◆ **Data excerpts**
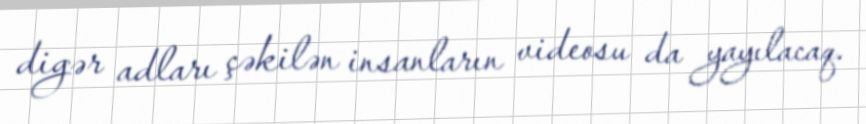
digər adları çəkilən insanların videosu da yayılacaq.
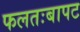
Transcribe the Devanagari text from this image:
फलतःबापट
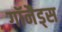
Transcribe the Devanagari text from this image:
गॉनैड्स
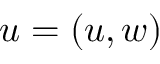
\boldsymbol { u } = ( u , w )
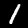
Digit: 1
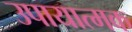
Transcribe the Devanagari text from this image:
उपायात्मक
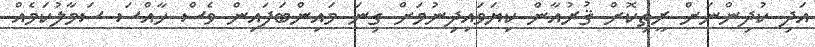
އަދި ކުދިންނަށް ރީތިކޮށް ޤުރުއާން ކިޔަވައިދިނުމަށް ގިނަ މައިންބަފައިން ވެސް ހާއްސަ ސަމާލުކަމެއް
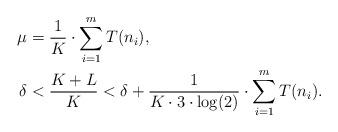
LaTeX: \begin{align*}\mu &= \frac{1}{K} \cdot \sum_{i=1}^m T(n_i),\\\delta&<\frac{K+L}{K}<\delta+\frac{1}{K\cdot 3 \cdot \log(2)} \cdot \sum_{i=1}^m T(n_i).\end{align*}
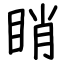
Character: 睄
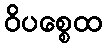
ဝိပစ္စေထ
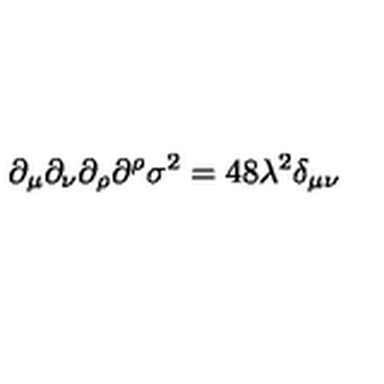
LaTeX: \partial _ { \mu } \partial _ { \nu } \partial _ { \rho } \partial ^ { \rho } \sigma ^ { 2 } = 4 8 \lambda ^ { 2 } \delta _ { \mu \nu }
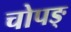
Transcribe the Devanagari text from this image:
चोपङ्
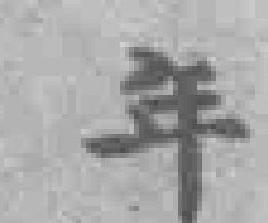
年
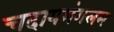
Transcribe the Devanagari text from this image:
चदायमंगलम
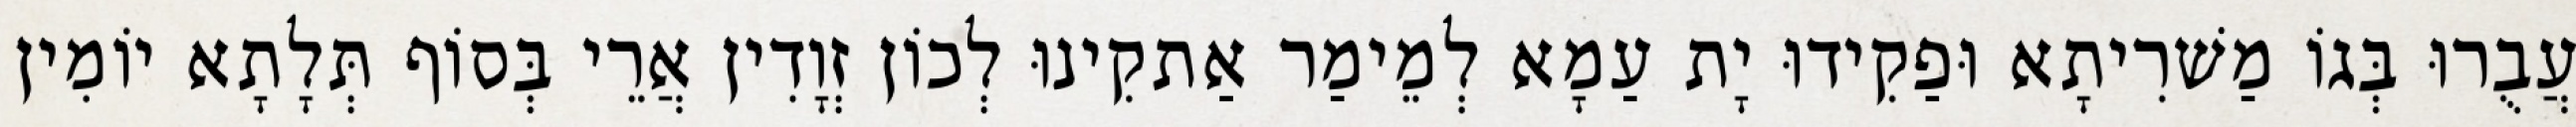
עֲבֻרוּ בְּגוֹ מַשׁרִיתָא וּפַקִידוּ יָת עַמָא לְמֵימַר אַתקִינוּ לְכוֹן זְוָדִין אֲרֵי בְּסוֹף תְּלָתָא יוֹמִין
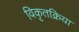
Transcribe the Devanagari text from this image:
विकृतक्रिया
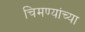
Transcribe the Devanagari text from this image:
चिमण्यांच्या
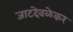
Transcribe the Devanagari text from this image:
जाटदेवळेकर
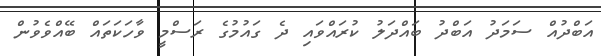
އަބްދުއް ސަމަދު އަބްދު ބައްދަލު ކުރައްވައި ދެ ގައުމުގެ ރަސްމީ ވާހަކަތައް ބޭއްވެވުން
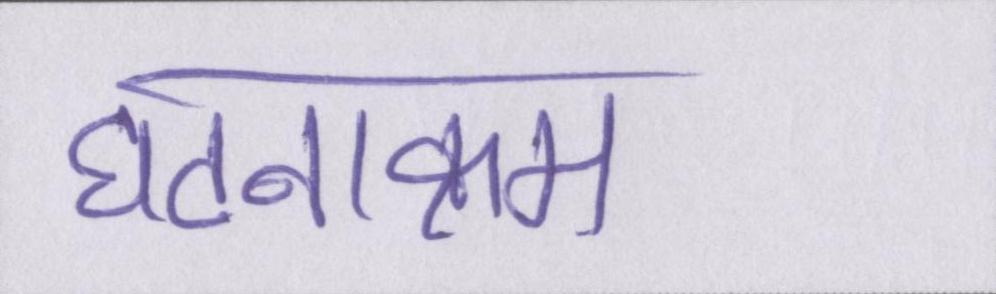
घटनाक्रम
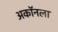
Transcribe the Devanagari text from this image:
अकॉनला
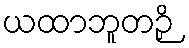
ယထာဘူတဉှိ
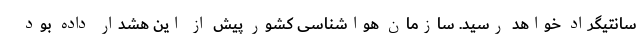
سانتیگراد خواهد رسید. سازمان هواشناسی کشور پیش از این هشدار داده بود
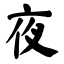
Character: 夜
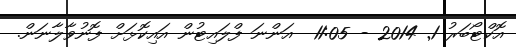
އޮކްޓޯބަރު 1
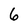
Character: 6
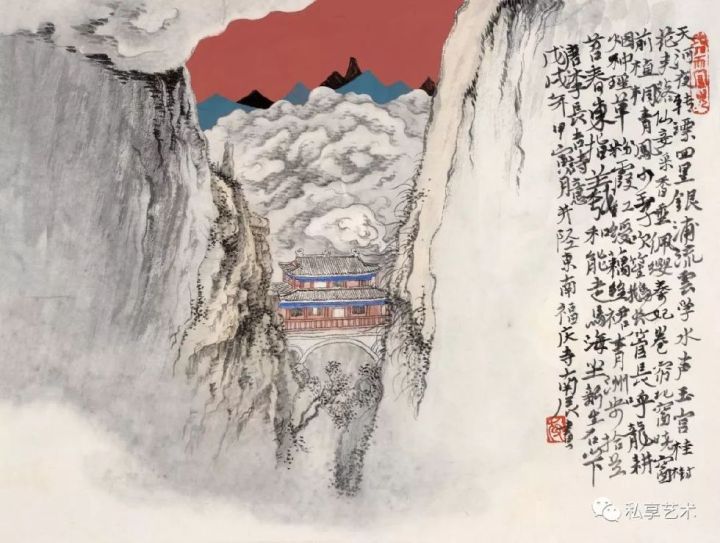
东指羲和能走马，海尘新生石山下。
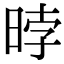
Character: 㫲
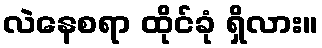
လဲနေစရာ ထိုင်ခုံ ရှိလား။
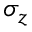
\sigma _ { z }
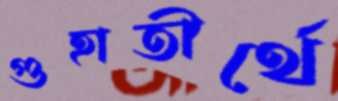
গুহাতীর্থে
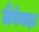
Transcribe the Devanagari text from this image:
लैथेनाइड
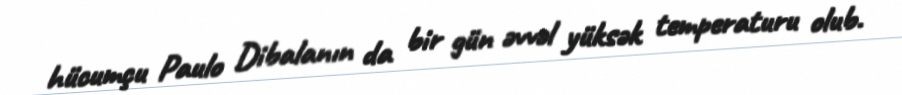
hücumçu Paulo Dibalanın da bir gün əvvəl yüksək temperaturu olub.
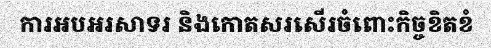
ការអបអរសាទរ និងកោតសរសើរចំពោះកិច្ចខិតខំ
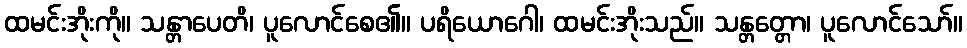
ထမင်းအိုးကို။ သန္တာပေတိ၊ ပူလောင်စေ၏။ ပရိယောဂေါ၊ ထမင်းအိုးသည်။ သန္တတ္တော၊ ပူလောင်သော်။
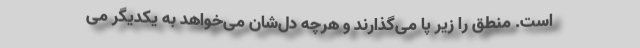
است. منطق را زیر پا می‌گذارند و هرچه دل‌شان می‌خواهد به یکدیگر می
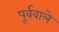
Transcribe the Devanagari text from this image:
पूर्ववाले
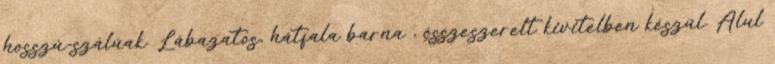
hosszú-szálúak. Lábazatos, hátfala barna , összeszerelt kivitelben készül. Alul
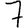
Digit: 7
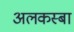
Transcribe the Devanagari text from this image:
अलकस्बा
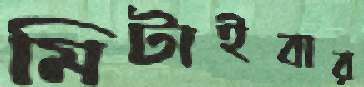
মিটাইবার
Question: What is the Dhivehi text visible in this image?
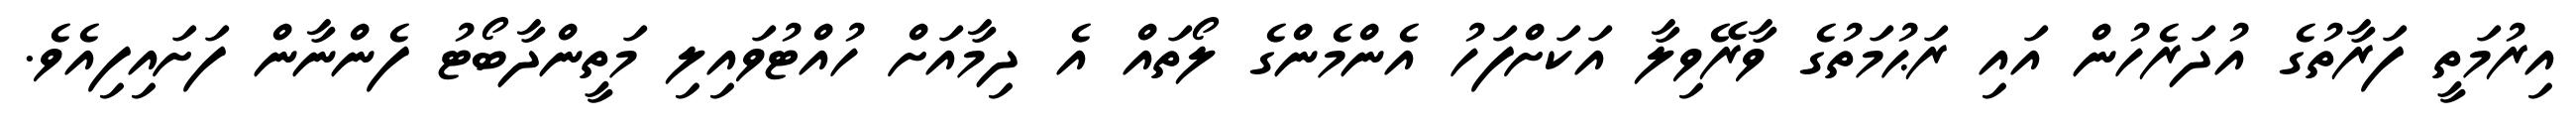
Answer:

◆ **Task to complete**
Beginning with the line containing "Question: What is" and ending with the last line of the data above, repeat each line exactly. Include no pictures and no other lines.

◆ **Response area**
Question: What is the Dhivehi text visible in this image?
Answer:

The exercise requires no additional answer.